LA volume, LA strain, LA fibrosis, EKG/blood biomarkers, genotype,65, 66, 67 and sleep apnea were not included in our model, because these data are not available for a large proportion of our cohort. Lastly, we were unable to assess the generalizability of our approach by applying our developed model to additional HCM patients—beyond the cross-validation study—due to the unavailability of data from other HCM cohorts reported in other studies. We plan to address the latter issue in a future prospective study.

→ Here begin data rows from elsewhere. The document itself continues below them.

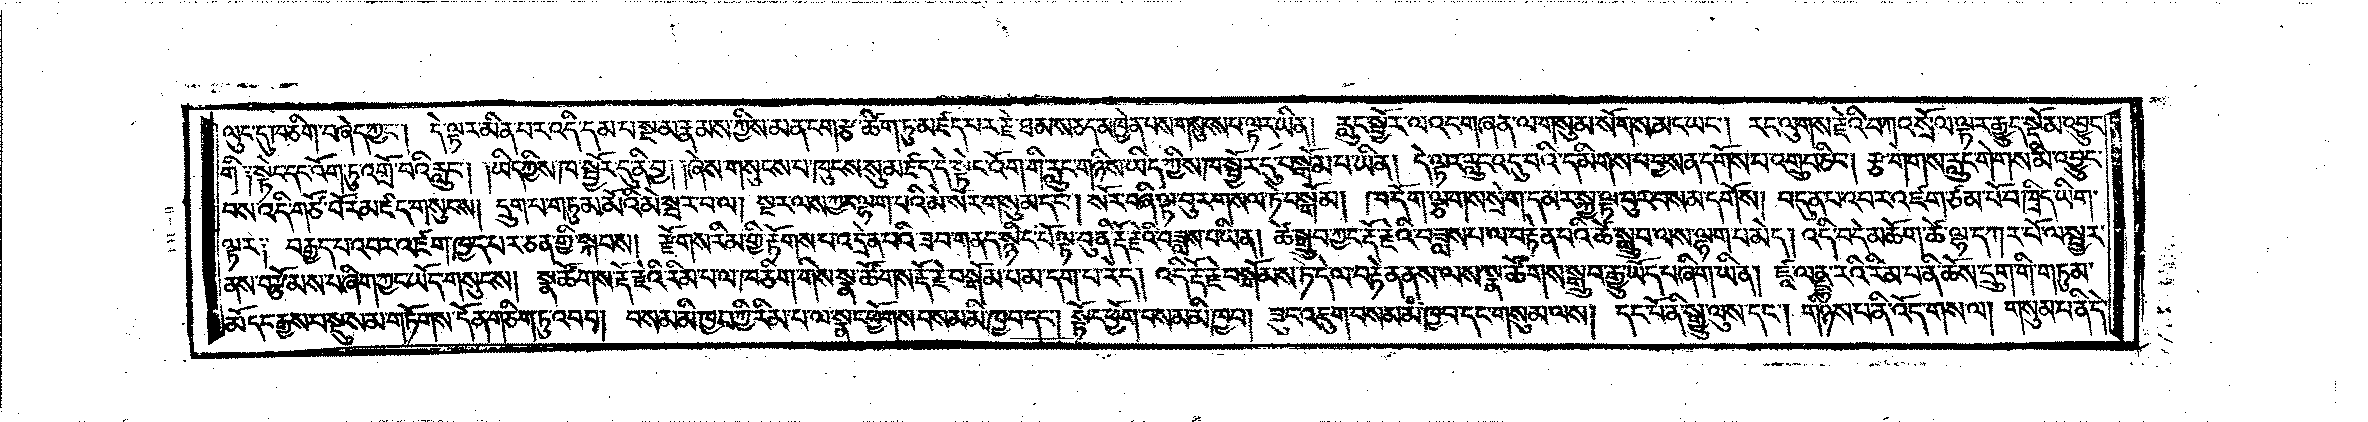ལུང་དུ་ཁ་ཅིག་བཞེད་ཀྱང་། དེ་ལྟར་མིན་པར་འདི་དམ་པ་སྔམ་རྣམས་ཀྱིས་མན་ངག་རྩ་ཚིག་ཏུ་མཛད་པར་རྗེ་ཐམས་ཅད་མཁྱེན་པས་གསུངས་པ་ལྟར་ཡིན། རླུང་སྦྱོར་ལའང་གཞན་ལ་གསུམ་སོགས་མང་ཡང་། རང་ལུགས་རྗེའི་བཀའ་སྲོལ་ལྟར་རྒྱུད་སྡོམ་འབྱུང་
གི༑ སྟེང་དང་འོག་ཏུ་འགྲོ་བའི་རླུང་། །ཡིད་ཀྱིས་ཁ་སྦྱོར་དུ་ནི་བྱ༑ ༑ཞེས་གསུངས་པ་ཁུངས་སུ་མཛད་དེ་སྟེང་འོག་གི་རླུང་གཉིས་ཡིད་ཀྱིས་ཁ་སྦྱོར་དུ་བསྒོམ་པ་ཡིན། དེ་ལྟར་རླུང་འདུ་བའི་དམིགས་པ་བྱས་ན་དགོས་པ་འགྲུབ་ཅིང་། རྩ་གེགས་རླུང་གེགས་མི་འབྱུང་
བས་འདི་གཙོ་བོར་མཛད་གསུངས། དྲུག་པ་གཏུམ་མོའི་མེ་སྦར་བ་ལ། སྔར་ལས་ཀྱང་ལྷག་པའི་མེ་སོར་གསུམ་དང་། སོར་བཞི་ལྟ་བུར་གསལ་ཏེ་བསྒོམ། ཁ་དོག་ལྕགས་སྲེག་དམར་སྐྱ་ལྟ་བུར་བསམ་དགོས། བདུན་པ་འབར་འཛག་ཙམ་པོ་བ་ཁྲིད་ཡིག་
ལྟར༑ བརྒྱད་པ་འབར་འཛག་ཁྱད་པར་ཅན་གྱི་སྐབས། རྫོགས་རིམ་གྱི་རྟོགས་པ་འདྲེན་པའི་ཟབ་གནད་སྙིང་པོ་ལྟ་བུ་ནི་རྡོ་རྗེའི་བཟླས་པ་ཡིན། ཚེ་སྒྲུབ་ཀྱང་རྡོ་རྗེའི་བཟླས་པ་ལ་བརྟེན་པའི་ཚེ་སྒྲུབ་ལས་ལྷག་པ་མེད། འདི་བདེ་མཆོག་ཚེ་ལྷ་དཀར་པོ་ལ་སྦྱར་
ནས་བརྩོམས་པ་ཞིག་ཀྱང་ཡོད་གསུངས། སྣ་ཚོགས་རྡོ་རྗེའི་རིམ་པ་ལ་ཁ་ཅིག་གིས་སྣ་ཚོགས་རྡོ་རྗེ་བསྒོམ་པ་མ་དག་པ་རེད། འདི་རྡོ་རྗེ་བསྒོམས་ཏེ་དེ་ལ་བརྟེན་ནས་ལས་སྣ་ཚོགས་སྒྲུབ་རྒྱུ་ཡོད་པ་ཞིག་ཡིན། ཛཱ་ལནྡྷ་རའི་རིམ་པ་ནི་ཆོས་དྲུག་གི་གཏུམ་
མོ་དང་རྒྱས་བསྡུས་མ་གཏོགས་དོན་གཅིག་ཏུ་འབབ། བསམ་མི་ཁྱབ་ཀྱི་རིམ་པ་ལ་སྣང་ཕྱོགས་བསམ་མི་ཁྱབ་དང་། སྟོང་ཕྱོག་བསམ་མི་ཁྱབ། ཟུང་འཇུག་བསམ་མི་ཁྱབ་དང་གསུམ་ལས། དང་པོ་ནི་སྒྱུ་ལུས་དང་། གཉིས་པ་ནི་འོད་གསལ། གསུམ་པ་ནི་དེ་
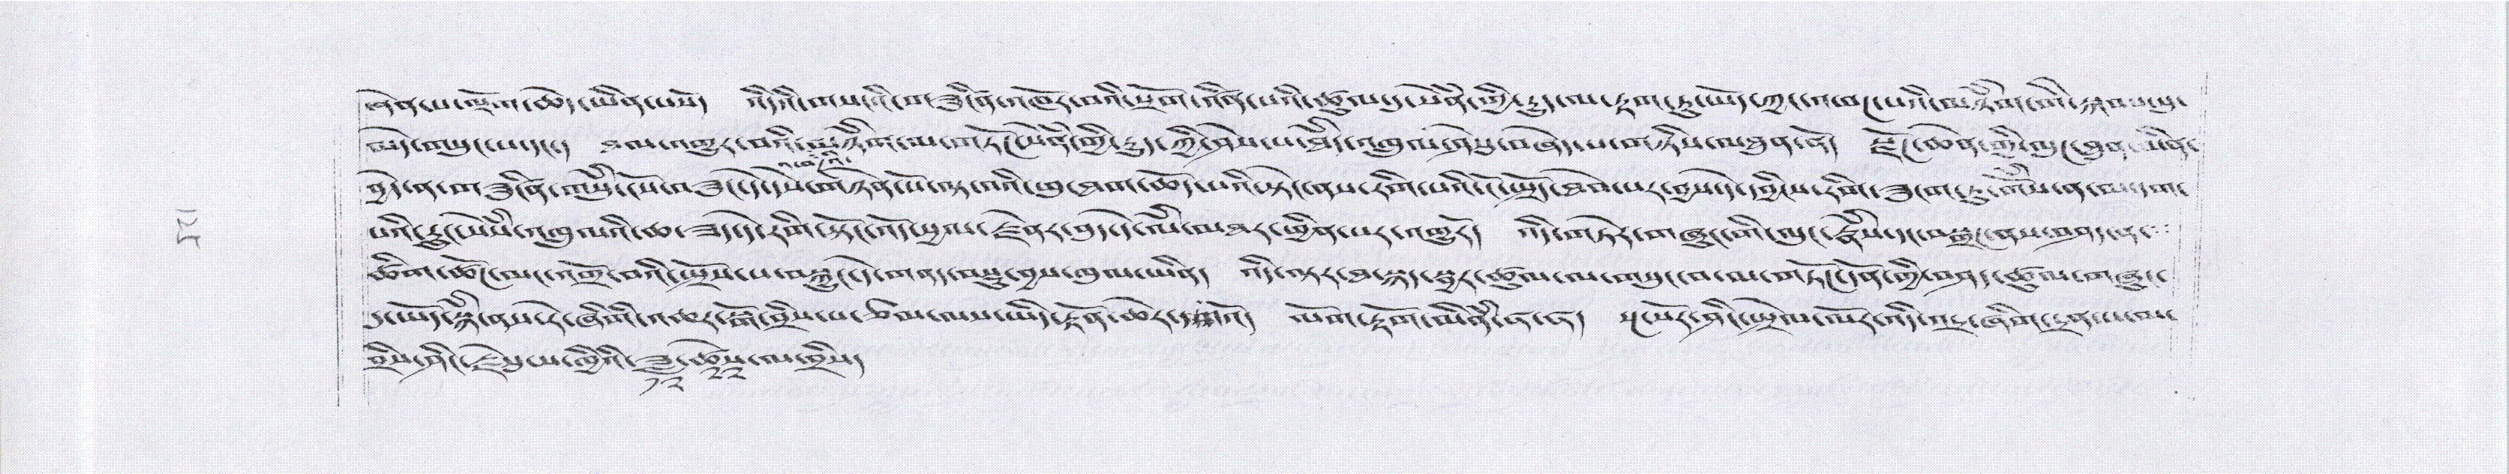ཞེན་ནས་ལྡོག་ཆེད་ཡིན་པས་སོ། འདིའི་གསང་བའི་གཟུང་འཛིན་འཁོར་བའི་སྲོག་འཛིན་པའི་ཚུལ་དུ་སེམས་ཅན་གྱི་རྒྱུད་ལ་རྟག་ཏུ་ཡོད་ཀྱང་འཕགས་པའི་མཉམ་གཞག་གི་སྐབས་སུ་
མེད་གསུངས་པ་དང་། ཐལ་འགྱུར་བའི་འཕགས་པའི་མཉམ་གཞག་མ་གཏོགས་སེམས་ཅན་གྱི་རྒྱུད་ཀྱི་ཤེས་པ་ཐམས་ཅད་འཁྲུལ་ཤེས་སུ་བཞེད་པ་གཉིས་མཐུན་ནོ། རྫོགས་ཆེན་གྱི་ལུགས་ཐུན་མིན་
བྱེད་ན་གཟུང་འཛིན་གསུམ་ངོས་བཟུང་དེ་དེས་གཉེན་པོ་ལྟ་བའི་ཕུ་ཐག་ཆོད་པའི་སྟེང་ནས་རིག་པའི་ངོ་སྤྲོད་ཐེབས་པར་བྱས་ཏེ། དབྱིངས་རིག་ཟུང་འཇུག་ཏུ་གོམས་ན་མ་དག་པའི་
རླུང་སེམས་འཁྲུལ་པའི་ཆ་ཟད་དེ་རིག་སྟོང་འོད་གསལ་རྗེན་པར་བུད་དེ་ལམ་མཐར་ཕྱིན་པར་འགྱུར་རོ། འདི་གཏེར་གཞུང་གི་ལུང་རྣམས་དང་སྦྲགས་ནས་བཤད་ན་
ཚིག་ཚོགས་མང་འགྲོ་བའི་སྤྲོས་པ་བསྐྱུངས་ཏེ་གནད་བསྡུ་བྱས་ཁུལ་ཡིན། འདི་ལྟར་ཐ་སྙད་སྦྱར་ཚུལ་ལ་གསུངས་པ་མ་གཏོགས་དོན་གྱི་བཤད་ཚུལ་གཞུང་
དུ་ཡོད་སྙམ་ནས་རེ་ཞིག་གི་འཆར་སྒོ་བྲིས་པ་ཙམ་ལས་ཡིད་རྟོན་ཆེར་དཀའ་འོ། ལོག་རྟོག་མིན་ནམ་ཧ་ཧ། སྔ་སོར་ཤིང་སྤྲེལ་ལོར་འདི་འདྲ་ཞིག་དྲན་པ་མ་
བྲིས་ཤིང་རྗེས་སུ་ས་ཁྱིའི་ཟླ་༡༢ཚེས་༢༢ལ་བྲིས།། །།
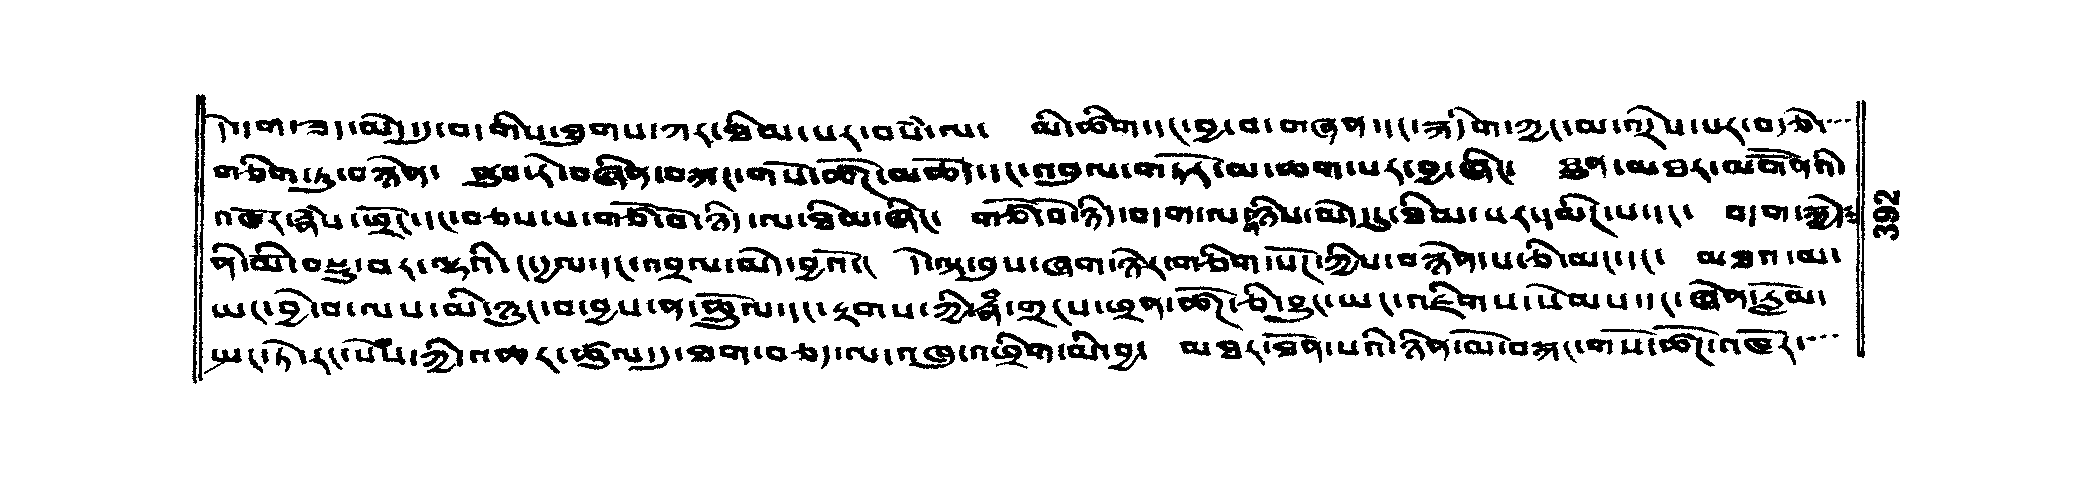དེ་དག་ཟད་མེད་དུ་བདག་གིས་ཐུགས་ཀར་ཐིམ་པར་བསམ་ལ། མི་ཚིག་དང་བྱ་བ་གཞན་དང་སྐད་ཅིག་ཀྱང་མ་འདྲེས་པར་བརྩེ་
གཅིག་ཏུ་བསྙེན། ནུབ་རེ་བཞིན་བསྐང་གསོ་ཚོགས་མཆོད་དང་འབུལ་གཏོར་མ་ཆག་པར་བྱ་ཞིང་། ཐུན་མཐར་མགོན་པོའི་
འཁོར་རྣམས་ཕོ་བྲང་དང་བཅས་པ་གཙོ་བོ་ཉིད་ལ་ཐིམ་ཞིང་། གཙོ་བོ་ཉིད་བདག་ལ་གཉིས་མེད་དུ་ཐིམ་པར་དམིགས་པ་དང་། བདག་བསྐྱེད་
ནི་མི་བསྡུ་བར་ལྷའི་ང་རྒྱལ་དང་འབྲལ་མེད་བྱའོ། དེ་ལྟ་བུས་ཞག་ཉེར་གཅིག་སོགས་ཀྱིས་བསྙེན་པ་ཅི་མང་དང་། མཐའ་མ་
ཡང་བྱེ་བ་ལས་མི་ཉུང་བ་བྱས་ན་ཆོ་འཕྲུལ་དང་རྟགས་ཀྱི་རྣམ་གྲངས་ཕྲན་ཚོགས་ཅི་བྱུང་ཡང་འཇིགས་སེམས་དང་ཞེན་རློམ་
སྤངས་ཏེ་རང་སེམས་ཀྱི་འཆར་ཚུལ་དུ་ཐག་བཅད་ལ་འཁུ་འཕྲིག་མི་བྱ། མཐར་ཐོན་པའི་ཉིན་མོ་བསྐང་གསོ་ཚོགས་འཁོར་
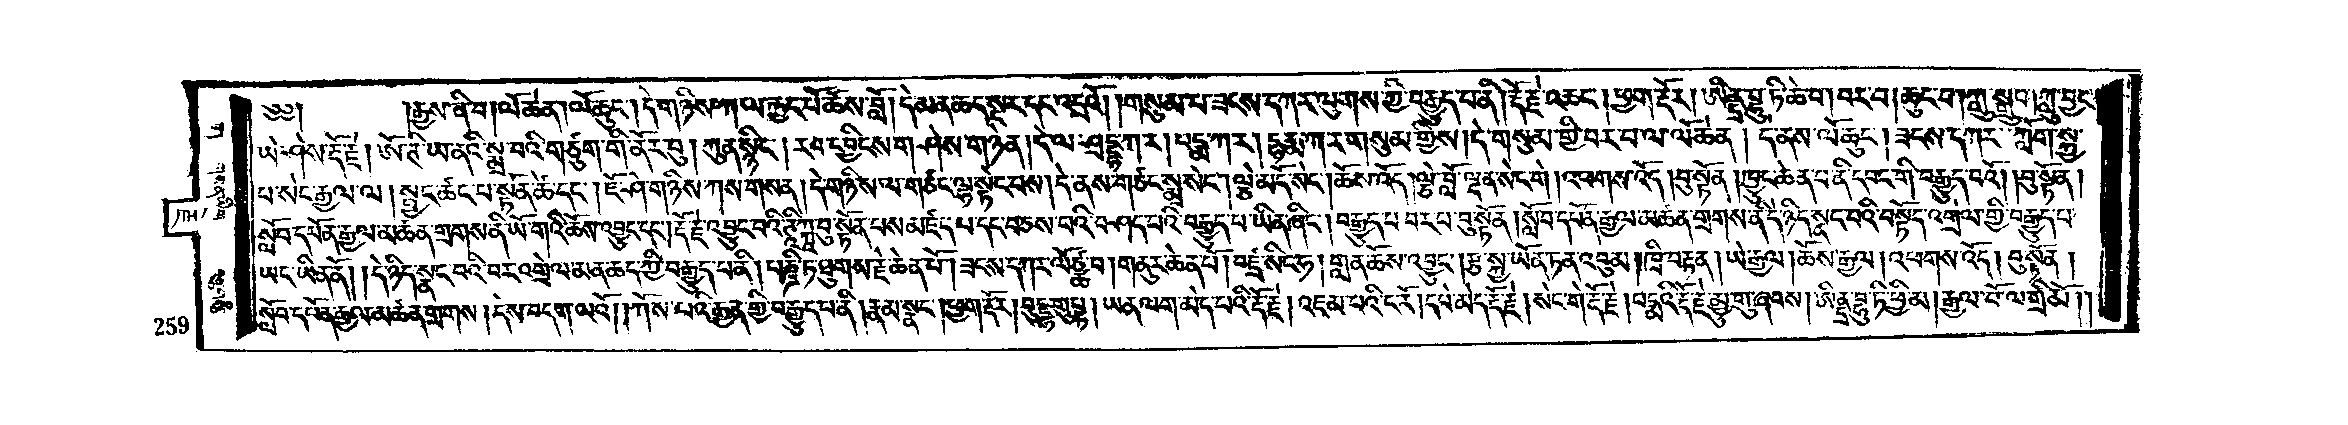༄༅། །རྒྱས་ཞི་བ། ལོ་ཆེན། ལོ་ཆུང་། དེ་གཉིས་ཀ་ལ་རྐྱང་པོ་ཆོས་བློ། དེ་མན་ཆད་སྔར་དང་འདྲའོ། །གསུམ་པ་ཟངས་དཀར་ལུགས་ཀྱི་བརྒྱུད་པ་ནི། རྡོ་རྗེ་འཆང་། ཕྱག་རྡོར། ཨིཎྡྲ་བྷུ་ཏི་ཆེ་བ། བར་བ། ཀླུ་སྒྲུབ། ཀླུ་བྱང་
ཡེ་ཤེས་རྡོ་རྗེ། ཨོ་ཊི་ཡ་ནའི་སྨྲ་བའི་གཙུག་གི་ནོར་བུ། ཀུན་སྙིང་། རབ་དབྱིངས་གཤེས་གཉེན། དེ་ལ་ཤྲདྡྷ་ཀ་ར། པདམ་ཀ་ར། དྷརྨ་ཀ་ར་གསུམ་གྱིས། དེ་གསུམ་གྱི་བར་བ་ལ་ལོ་ཆེན། དེ་ནས་ལོ་ཆུང་། ཟངས་དཀར་ཀློག་སྐྱ་
པ་སེང་རྒྱལ་ལ། སྦྱང་ཚང་པ་སྟོན་ཚེ་དང་། ཇོ་ཤེ་གཉིས་ཀས་གསན། དེ་གཉིས་ལ་གཙང་ལྷ་སྟེང་པས། དེ་ནས་གཙང་སྨྲ་སེང་། ལྕེ་མདོ་སེང་། ཆོས་འོད། ལྕེ་བློ་ལྡན་སེང་གེ། འཕགས་འོད་།བུ་སྟོན་།བྱང་ཆེན་པ་ནི་དབང་གི་བརྒྱུད་པའོ། །བུ་སྟོན།
སློབ་དཔོན་རྒྱལ་མཚན་གྲགས་ནི་ཡོ་གའི་ཆོས་འབྱུང་དང་། རྡོ་རྗེ་འབྱུང་བའི་ཊཱིཀྐཱ་བུ་སྟོན་པས་མཛད་པ་དང་བཅས་པའི་བཤད་པའི་བརྒྱུད་པ་ཡིན་ཞིང་། བརྒྱུད་པ་བར་པ་བུ་སྟོན། བློབ་དཔོན་རྒྱལ་མཚན་གྲགས་ནི་དེ་ཉིད་སྣང་བའི་བསྟོད་འགྲེལ་གྱི་བརྒྱུད་པ་
ཡང་ཡིན་ནོ། །དེ་ཉིད་སྣང་བའི་བར་འགྲེལ་མན་ཆད་ཀྱི་བརྒྱུད་པ་ནི། པཎྜི་ཏ་ཐུགས་རྗེ་ཆེན་པོ། ཟངས་དཀར་ལོཙྪ་བ། གནུར་ཆེན་པོ། བཛྲ་སིང་ཧ། གླན་ཆོས་འབྱུང་། རྩ་སྐྱ་ཡོན་ཏན་འབུམ། ཁྲི་བརྟན། ཡེ་རྒྱལ། ཆོས་རྒྱལ། འཕགས་འོད། བུ་སྟོན།
སློབ་དཔོན་རྒྱལ་མཚན་གྲགས། དེས་བདག་ལའོ། །ཀོས་པའི་རྒྱན་གྱི་བརྒྱུད་པ་ནི། རྣམ་སྣང་། ཕྱག་རྡོར། བུདྡྷ་གུཔྟ། ཡན་ལག་མེད་པའི་རྡོ་རྗེ། འཇམ་པའི་ང་རོ། དཔེ་མེད་རྡོ་རྗེ། པདམའི་རྡོ་རྗེ་མྱུ་གུ་ཞབས། ཨིནྡྲ་བྷུ་ཏི་ཕྱི་མ། རྒྱལ་པོ་ལ་གྲི་མོ། །

We could not assess the effect of the parameters, stroke, VT/VF, or heart failure on model performance, because of the small number of patients with these outcomes at the time of patients’ first clinic visit.

Conclusions

The HCM-AF-Risk Model effectively identifies HCM patients with AF. Our model attains good performance (0.74: sensitivity; 0.70: specificity; C-index: 0.80) while addressing the imbalance between high-risk and low-risk cases that is inherent in most clinical data. The set of clinical attributes identified by our method as being indicative of AF, and serving to justify the severity level assigned by the classifier, includes several hitherto unidentified markers of AF in HCM, and suggests that HCM patients with AF have a more severe cardiac HCM phenotype.

Funding Sources

This work was funded in part by the National Science Foundation (NSF) IIS EAGER grant #1650851, and the National Institutes of Health grants R01 LM012527, and U54 GM104941 (to H.S.), an award from the John Taylor Babbitt (JTB) foundation (Chatham, New Jersey), and startup funds from the University of California San Francisco, Division of Cardiology (to M.R.A.).

Disclosures

The authors have no conflicts of interest to disclose.